**WHAT YOU WILL DO**
Your copy should repeat each record below exactly and contain no images.

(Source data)

□ □ □ □ □ □ □

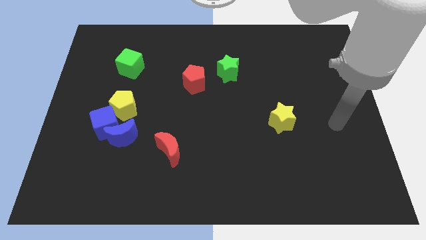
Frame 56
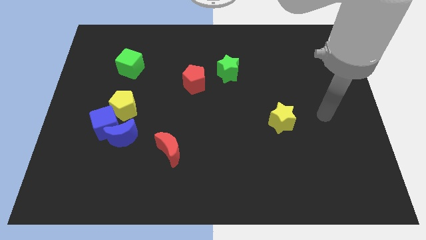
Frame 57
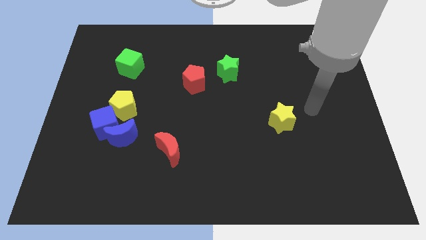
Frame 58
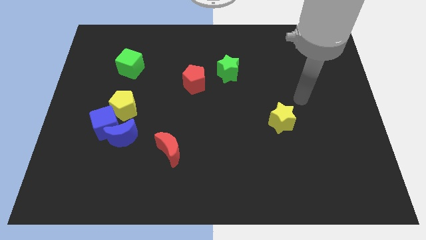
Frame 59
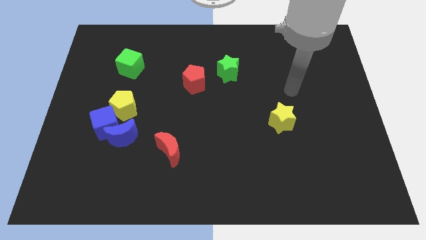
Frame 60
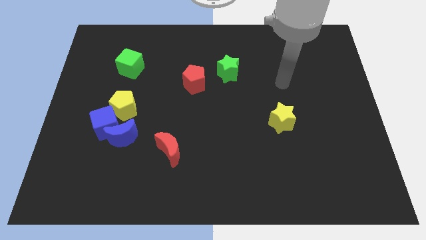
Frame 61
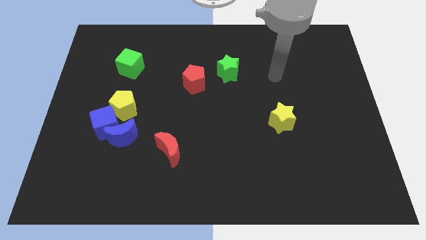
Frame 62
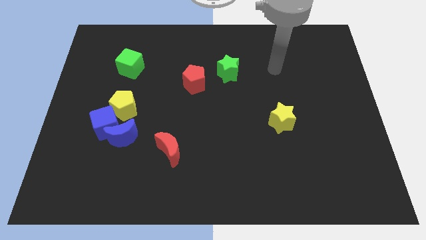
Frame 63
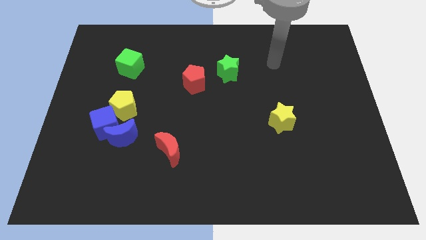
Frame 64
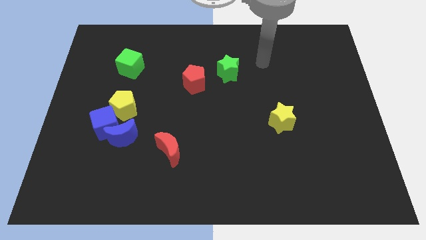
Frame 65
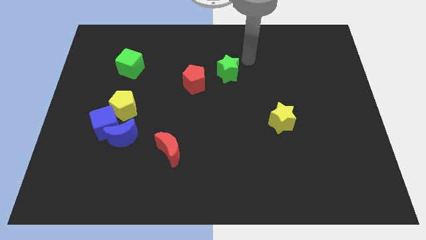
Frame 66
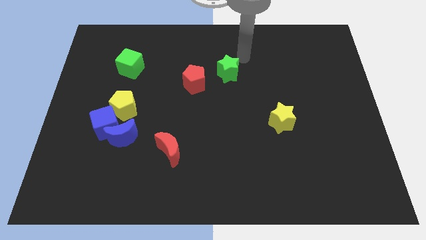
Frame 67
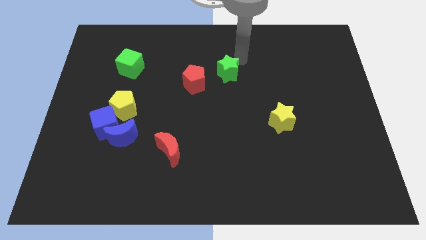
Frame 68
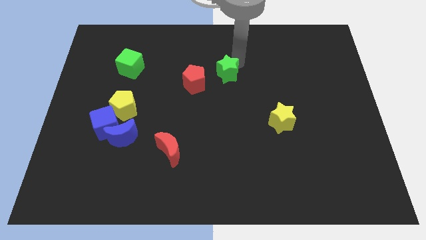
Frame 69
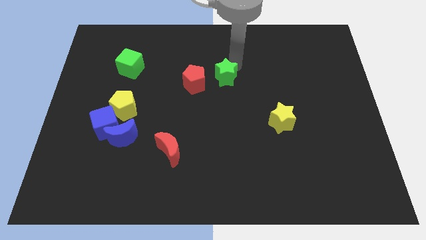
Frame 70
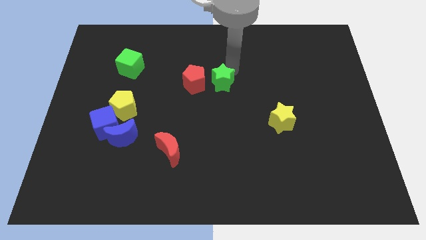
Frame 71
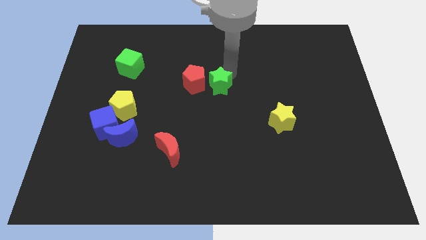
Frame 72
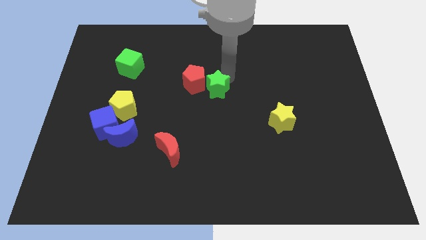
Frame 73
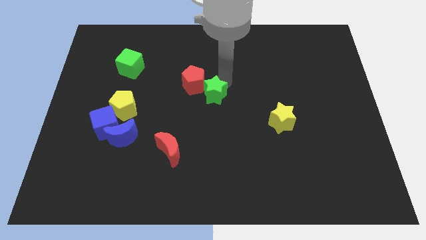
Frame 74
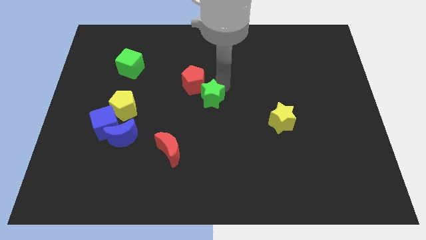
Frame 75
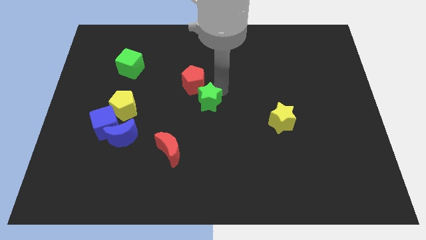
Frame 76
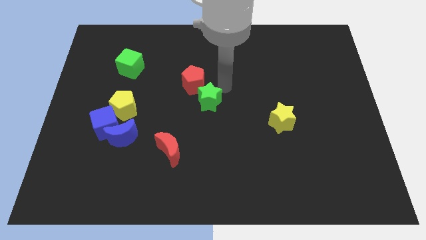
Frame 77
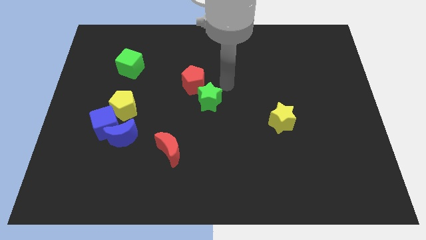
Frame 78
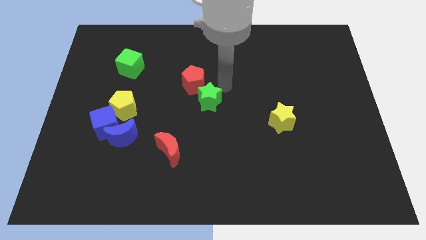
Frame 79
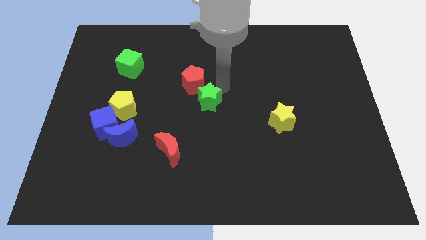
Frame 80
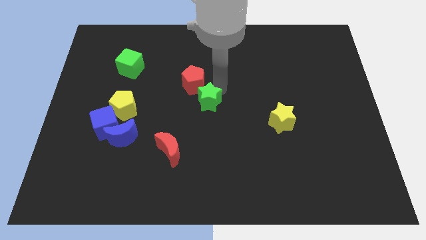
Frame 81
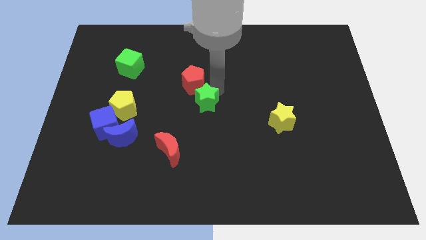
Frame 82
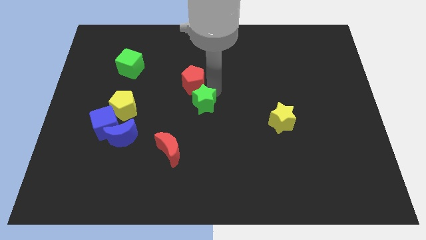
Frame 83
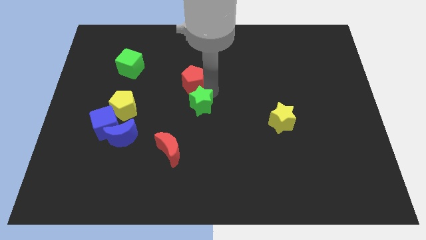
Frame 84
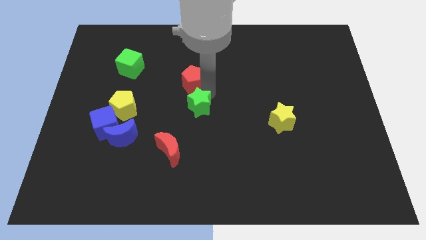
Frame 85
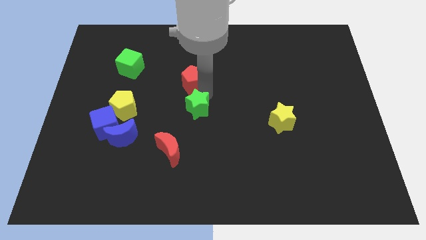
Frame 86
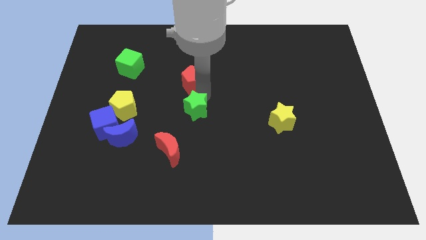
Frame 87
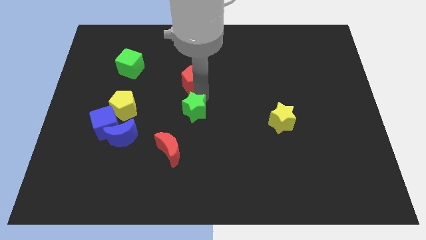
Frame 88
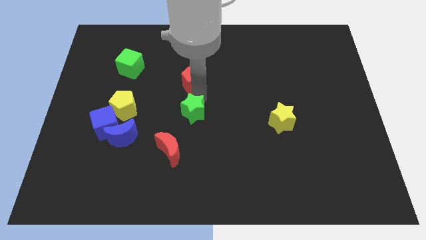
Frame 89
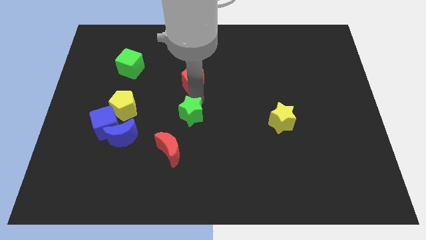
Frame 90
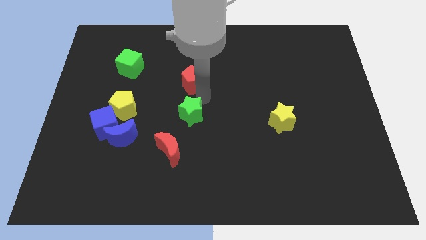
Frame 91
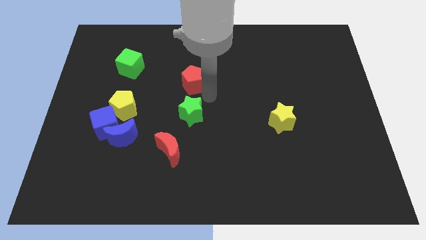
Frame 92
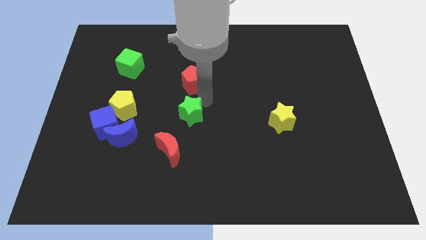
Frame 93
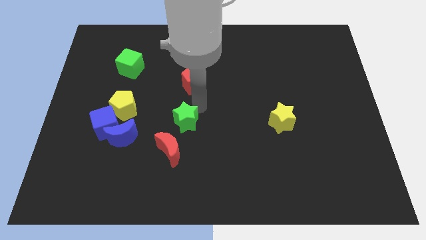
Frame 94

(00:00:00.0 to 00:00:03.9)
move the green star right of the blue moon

□ □ □ □ □ □ □

**TASK OUTPUT**
Frame 56
Frame 57
Frame 58
Frame 59
Frame 60
Frame 61
Frame 62
Frame 63
Frame 64
Frame 65
Frame 66
Frame 67
Frame 68
Frame 69
Frame 70
Frame 71
Frame 72
Frame 73
Frame 74
Frame 75
Frame 76
Frame 77
Frame 78
Frame 79
Frame 80
Frame 81
Frame 82
Frame 83
Frame 84
Frame 85
Frame 86
Frame 87
Frame 88
Frame 89
Frame 90
Frame 91
Frame 92
Frame 93
Frame 94

(00:00:00.0 to 00:00:03.9)
move the green star right of the blue moon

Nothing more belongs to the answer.